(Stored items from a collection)
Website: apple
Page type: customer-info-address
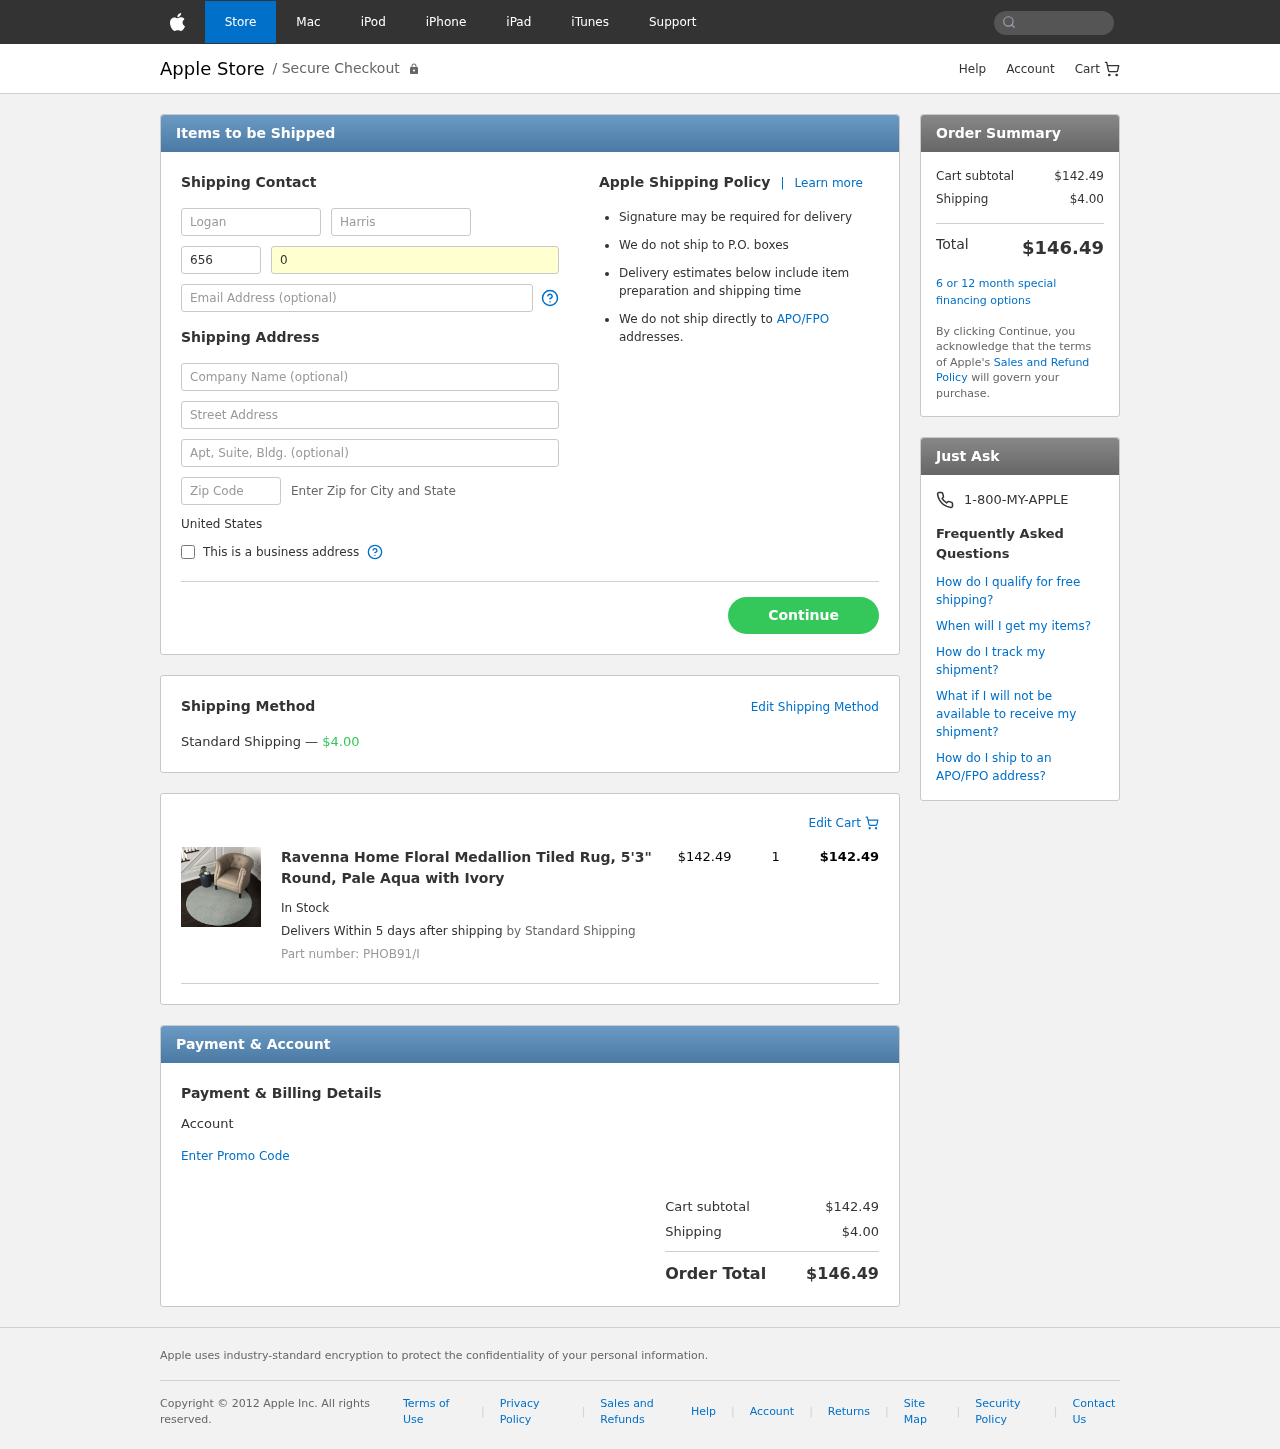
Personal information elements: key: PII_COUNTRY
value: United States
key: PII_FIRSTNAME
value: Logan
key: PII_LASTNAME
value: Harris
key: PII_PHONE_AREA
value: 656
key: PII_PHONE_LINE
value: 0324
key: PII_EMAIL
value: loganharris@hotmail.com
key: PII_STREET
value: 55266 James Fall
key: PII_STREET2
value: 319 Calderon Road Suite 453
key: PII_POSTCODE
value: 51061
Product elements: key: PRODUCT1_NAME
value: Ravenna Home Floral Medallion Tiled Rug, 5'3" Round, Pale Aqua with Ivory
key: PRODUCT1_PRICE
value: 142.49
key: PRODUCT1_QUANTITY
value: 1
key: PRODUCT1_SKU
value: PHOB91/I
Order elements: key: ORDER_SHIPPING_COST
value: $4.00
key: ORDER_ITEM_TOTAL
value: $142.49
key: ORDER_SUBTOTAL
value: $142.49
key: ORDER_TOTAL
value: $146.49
* * *
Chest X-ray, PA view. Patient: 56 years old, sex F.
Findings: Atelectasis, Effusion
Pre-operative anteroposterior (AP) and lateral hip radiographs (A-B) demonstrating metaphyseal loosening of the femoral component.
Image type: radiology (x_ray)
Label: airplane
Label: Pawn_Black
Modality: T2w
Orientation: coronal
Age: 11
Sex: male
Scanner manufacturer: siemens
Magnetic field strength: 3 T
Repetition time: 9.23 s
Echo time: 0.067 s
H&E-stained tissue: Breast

▶ _Work to be completed_
Above are the entries. Quote exactly the lines from the one bearing "key: PII_LASTNAME" through the one bearing "value: $146.49".

▶ _Output for this task_
key: PII_LASTNAME
value: Harris
key: PII_PHONE_AREA
value: 656
key: PII_PHONE_LINE
value: 0324
key: PII_EMAIL
value: loganharris@hotmail.com
key: PII_STREET
value: 55266 James Fall
key: PII_STREET2
value: 319 Calderon Road Suite 453
key: PII_POSTCODE
value: 51061
Product elements: key: PRODUCT1_NAME
value: Ravenna Home Floral Medallion Tiled Rug, 5'3" Round, Pale Aqua with Ivory
key: PRODUCT1_PRICE
value: 142.49
key: PRODUCT1_QUANTITY
value: 1
key: PRODUCT1_SKU
value: PHOB91/I
Order elements: key: ORDER_SHIPPING_COST
value: $4.00
key: ORDER_ITEM_TOTAL
value: $142.49
key: ORDER_SUBTOTAL
value: $142.49
key: ORDER_TOTAL
value: $146.49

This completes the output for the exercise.